■ TASK ITEM ■
Which lines in the records below contain the word "Dhivehi"? Copy each one.

[Stored dataset items]
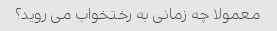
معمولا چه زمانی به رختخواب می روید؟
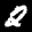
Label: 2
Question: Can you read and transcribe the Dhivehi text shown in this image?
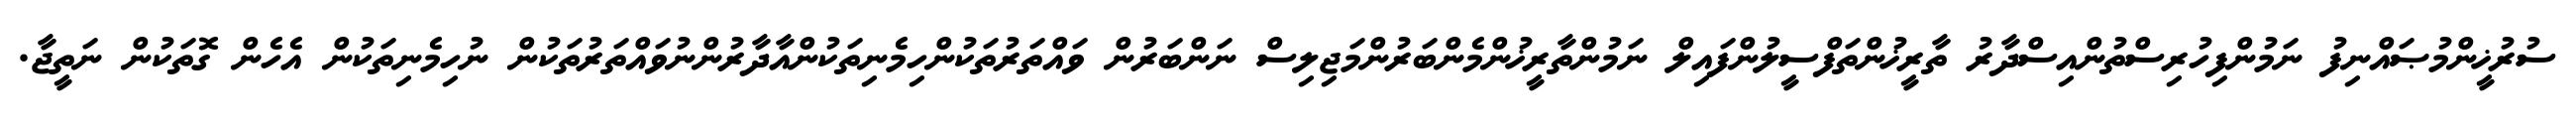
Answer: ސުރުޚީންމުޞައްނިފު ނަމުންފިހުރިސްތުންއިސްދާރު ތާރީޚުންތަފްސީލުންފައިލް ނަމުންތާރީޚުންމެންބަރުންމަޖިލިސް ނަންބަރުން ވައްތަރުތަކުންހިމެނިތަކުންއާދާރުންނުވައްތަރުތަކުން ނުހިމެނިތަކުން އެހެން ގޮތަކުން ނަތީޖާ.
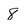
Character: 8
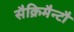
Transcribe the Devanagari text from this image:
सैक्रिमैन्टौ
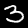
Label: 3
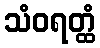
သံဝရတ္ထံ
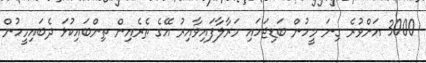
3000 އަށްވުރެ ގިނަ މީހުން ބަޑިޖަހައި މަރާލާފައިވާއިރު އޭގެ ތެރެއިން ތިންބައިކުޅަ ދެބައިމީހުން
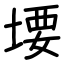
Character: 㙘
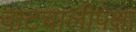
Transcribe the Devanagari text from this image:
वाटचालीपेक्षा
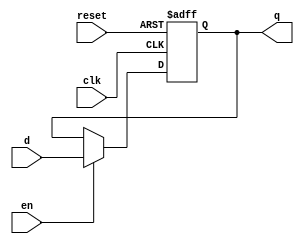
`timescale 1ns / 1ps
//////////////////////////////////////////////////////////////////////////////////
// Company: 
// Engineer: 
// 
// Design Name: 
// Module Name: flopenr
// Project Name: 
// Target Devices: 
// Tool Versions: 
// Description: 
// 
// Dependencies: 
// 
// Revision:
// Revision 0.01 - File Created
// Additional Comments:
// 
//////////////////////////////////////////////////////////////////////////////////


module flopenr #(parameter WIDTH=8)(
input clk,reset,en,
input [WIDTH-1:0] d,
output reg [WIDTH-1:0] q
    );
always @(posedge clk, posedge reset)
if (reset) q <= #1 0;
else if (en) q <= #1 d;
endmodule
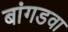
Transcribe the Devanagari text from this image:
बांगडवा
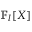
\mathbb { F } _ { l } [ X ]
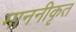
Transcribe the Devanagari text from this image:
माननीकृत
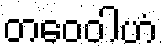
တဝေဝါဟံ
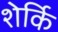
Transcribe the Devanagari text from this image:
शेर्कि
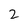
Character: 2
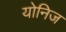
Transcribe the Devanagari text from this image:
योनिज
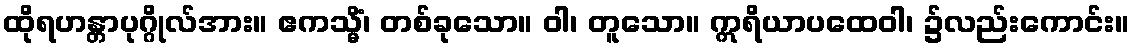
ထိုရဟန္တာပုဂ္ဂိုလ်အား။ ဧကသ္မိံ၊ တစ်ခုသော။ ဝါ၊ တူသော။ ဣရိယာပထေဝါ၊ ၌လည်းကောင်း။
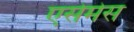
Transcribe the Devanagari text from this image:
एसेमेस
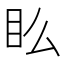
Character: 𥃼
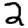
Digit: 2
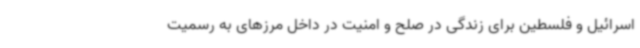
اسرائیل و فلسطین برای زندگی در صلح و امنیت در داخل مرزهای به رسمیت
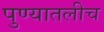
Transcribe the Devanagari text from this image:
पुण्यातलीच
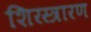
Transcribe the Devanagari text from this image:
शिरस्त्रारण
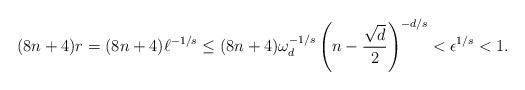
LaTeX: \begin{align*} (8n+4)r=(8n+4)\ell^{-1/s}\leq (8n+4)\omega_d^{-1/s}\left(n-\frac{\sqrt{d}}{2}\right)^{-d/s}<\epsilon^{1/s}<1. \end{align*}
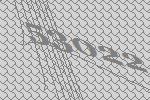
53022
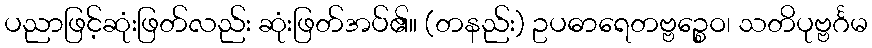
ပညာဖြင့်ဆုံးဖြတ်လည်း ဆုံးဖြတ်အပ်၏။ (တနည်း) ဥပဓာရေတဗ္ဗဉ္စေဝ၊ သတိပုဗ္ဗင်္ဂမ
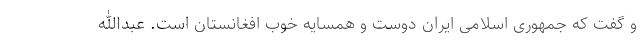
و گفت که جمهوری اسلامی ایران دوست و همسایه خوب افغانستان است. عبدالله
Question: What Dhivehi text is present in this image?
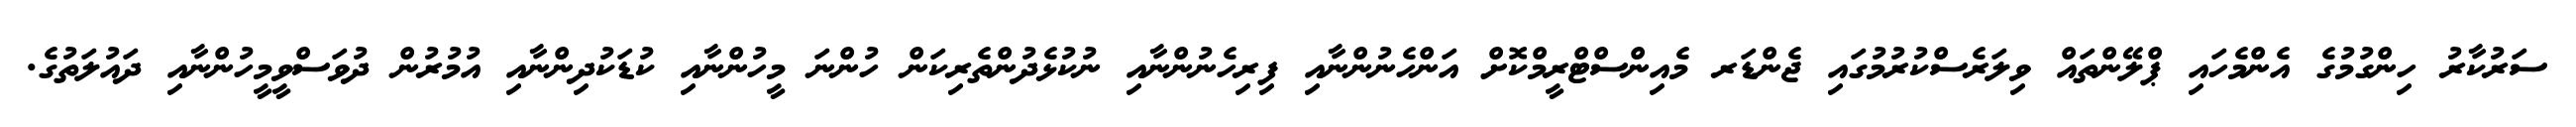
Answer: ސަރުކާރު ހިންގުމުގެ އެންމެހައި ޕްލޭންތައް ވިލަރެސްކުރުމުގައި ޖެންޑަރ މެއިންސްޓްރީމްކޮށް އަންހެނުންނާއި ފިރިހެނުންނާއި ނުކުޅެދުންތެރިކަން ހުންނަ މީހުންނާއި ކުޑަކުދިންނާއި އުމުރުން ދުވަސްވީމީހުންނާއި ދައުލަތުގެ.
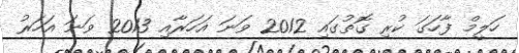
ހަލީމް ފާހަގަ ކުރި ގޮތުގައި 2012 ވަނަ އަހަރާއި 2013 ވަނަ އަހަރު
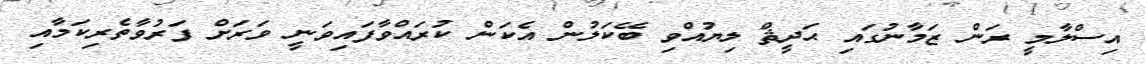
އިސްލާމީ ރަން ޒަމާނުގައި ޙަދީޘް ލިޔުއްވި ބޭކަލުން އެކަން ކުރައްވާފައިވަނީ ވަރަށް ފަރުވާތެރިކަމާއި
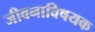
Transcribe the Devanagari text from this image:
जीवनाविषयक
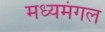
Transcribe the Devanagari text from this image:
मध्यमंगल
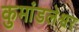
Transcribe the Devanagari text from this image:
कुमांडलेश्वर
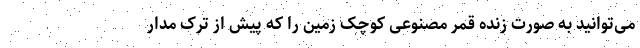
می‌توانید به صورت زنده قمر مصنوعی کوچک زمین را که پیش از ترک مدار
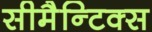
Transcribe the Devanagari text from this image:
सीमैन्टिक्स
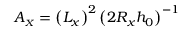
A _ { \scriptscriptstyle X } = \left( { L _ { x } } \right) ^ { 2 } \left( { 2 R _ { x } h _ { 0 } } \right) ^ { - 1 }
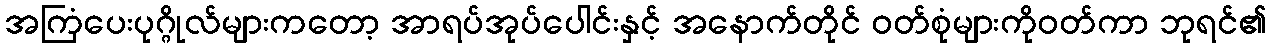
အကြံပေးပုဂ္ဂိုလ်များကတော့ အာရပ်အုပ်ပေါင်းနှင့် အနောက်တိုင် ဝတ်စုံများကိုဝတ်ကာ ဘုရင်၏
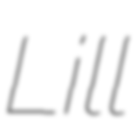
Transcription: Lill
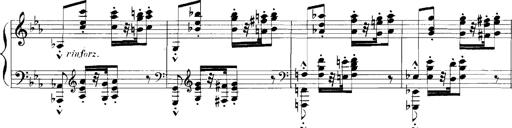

---

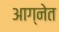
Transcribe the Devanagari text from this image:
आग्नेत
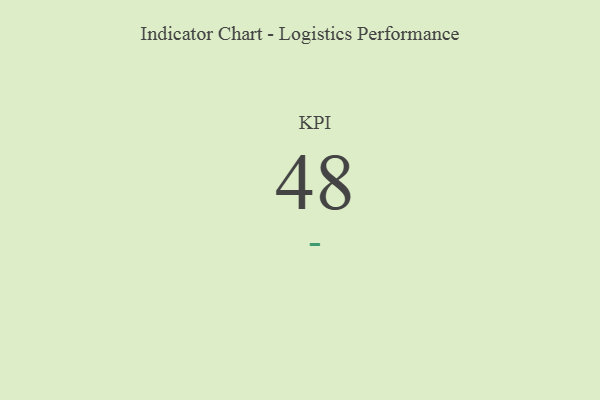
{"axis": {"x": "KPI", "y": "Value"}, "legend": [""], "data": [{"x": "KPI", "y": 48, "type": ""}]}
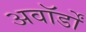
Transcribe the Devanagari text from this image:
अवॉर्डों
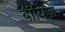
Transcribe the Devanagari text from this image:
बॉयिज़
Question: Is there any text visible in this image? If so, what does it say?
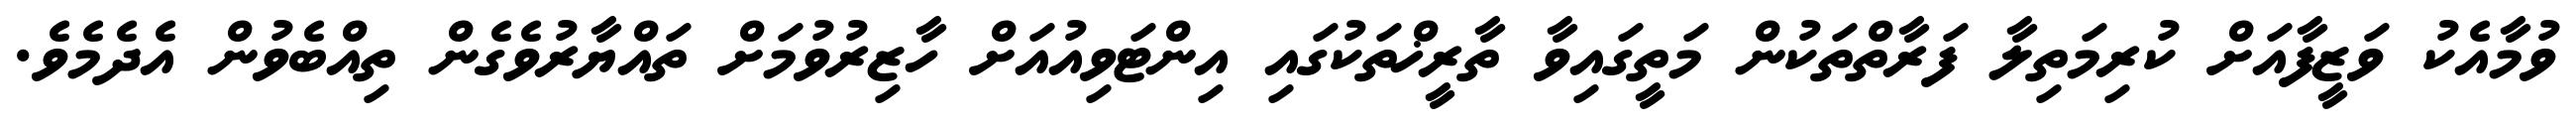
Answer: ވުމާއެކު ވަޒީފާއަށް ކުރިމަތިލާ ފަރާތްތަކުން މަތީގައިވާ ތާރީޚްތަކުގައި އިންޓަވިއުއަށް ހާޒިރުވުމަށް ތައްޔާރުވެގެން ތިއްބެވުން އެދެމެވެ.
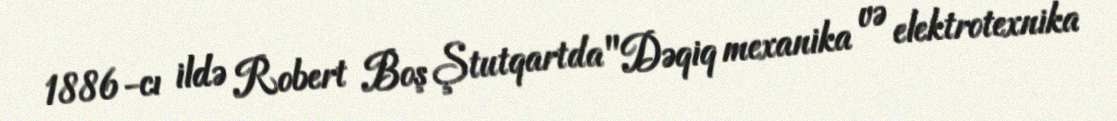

...

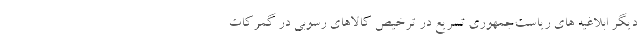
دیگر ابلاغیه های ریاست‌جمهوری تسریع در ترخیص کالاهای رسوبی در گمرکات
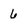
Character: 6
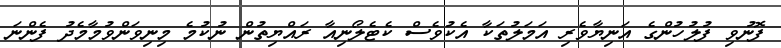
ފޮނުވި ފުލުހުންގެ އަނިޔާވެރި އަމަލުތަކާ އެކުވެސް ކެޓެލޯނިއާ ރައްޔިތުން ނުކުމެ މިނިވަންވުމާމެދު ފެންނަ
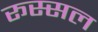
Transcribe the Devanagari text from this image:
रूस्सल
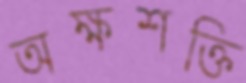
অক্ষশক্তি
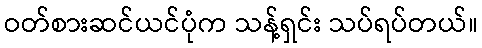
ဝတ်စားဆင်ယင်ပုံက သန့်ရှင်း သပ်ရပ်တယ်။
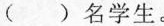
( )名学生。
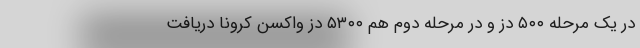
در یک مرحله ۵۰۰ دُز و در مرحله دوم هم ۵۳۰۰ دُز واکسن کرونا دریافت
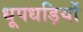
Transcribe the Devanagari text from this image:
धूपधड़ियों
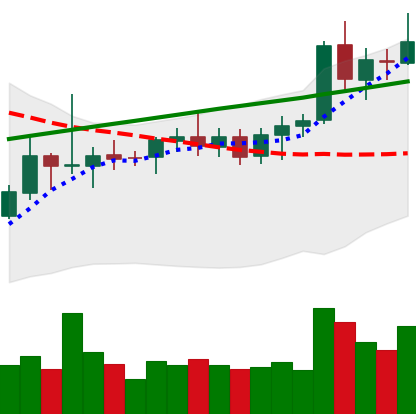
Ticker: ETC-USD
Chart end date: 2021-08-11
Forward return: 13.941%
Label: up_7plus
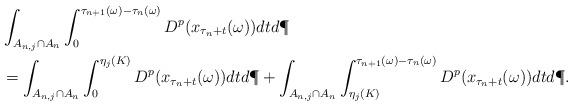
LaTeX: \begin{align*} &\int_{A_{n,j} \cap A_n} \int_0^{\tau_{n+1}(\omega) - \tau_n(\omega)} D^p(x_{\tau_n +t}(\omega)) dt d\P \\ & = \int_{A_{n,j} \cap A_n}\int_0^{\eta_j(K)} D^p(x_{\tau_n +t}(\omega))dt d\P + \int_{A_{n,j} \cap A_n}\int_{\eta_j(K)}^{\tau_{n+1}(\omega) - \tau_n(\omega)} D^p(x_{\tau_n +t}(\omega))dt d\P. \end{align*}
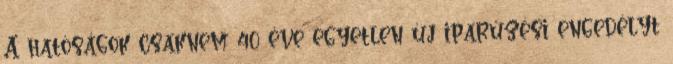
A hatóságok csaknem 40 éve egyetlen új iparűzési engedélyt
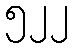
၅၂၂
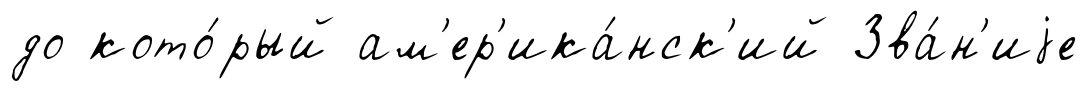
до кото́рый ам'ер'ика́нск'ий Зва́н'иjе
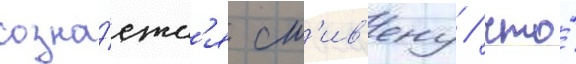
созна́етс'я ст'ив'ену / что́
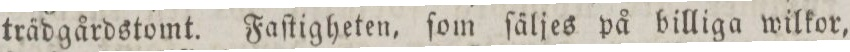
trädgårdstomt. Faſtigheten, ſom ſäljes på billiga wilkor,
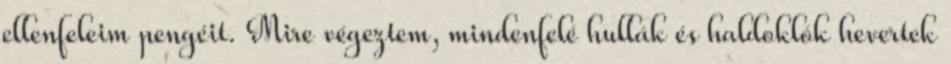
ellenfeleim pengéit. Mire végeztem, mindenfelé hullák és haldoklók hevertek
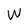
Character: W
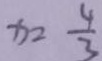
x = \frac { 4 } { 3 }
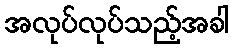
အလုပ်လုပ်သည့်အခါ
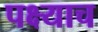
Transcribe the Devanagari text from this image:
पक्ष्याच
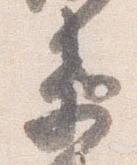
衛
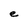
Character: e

■ EXERCISE OUTPUT ■
Question: Can you read and transcribe the Dhivehi text shown in this image?
Question: What Dhivehi text is present in this image?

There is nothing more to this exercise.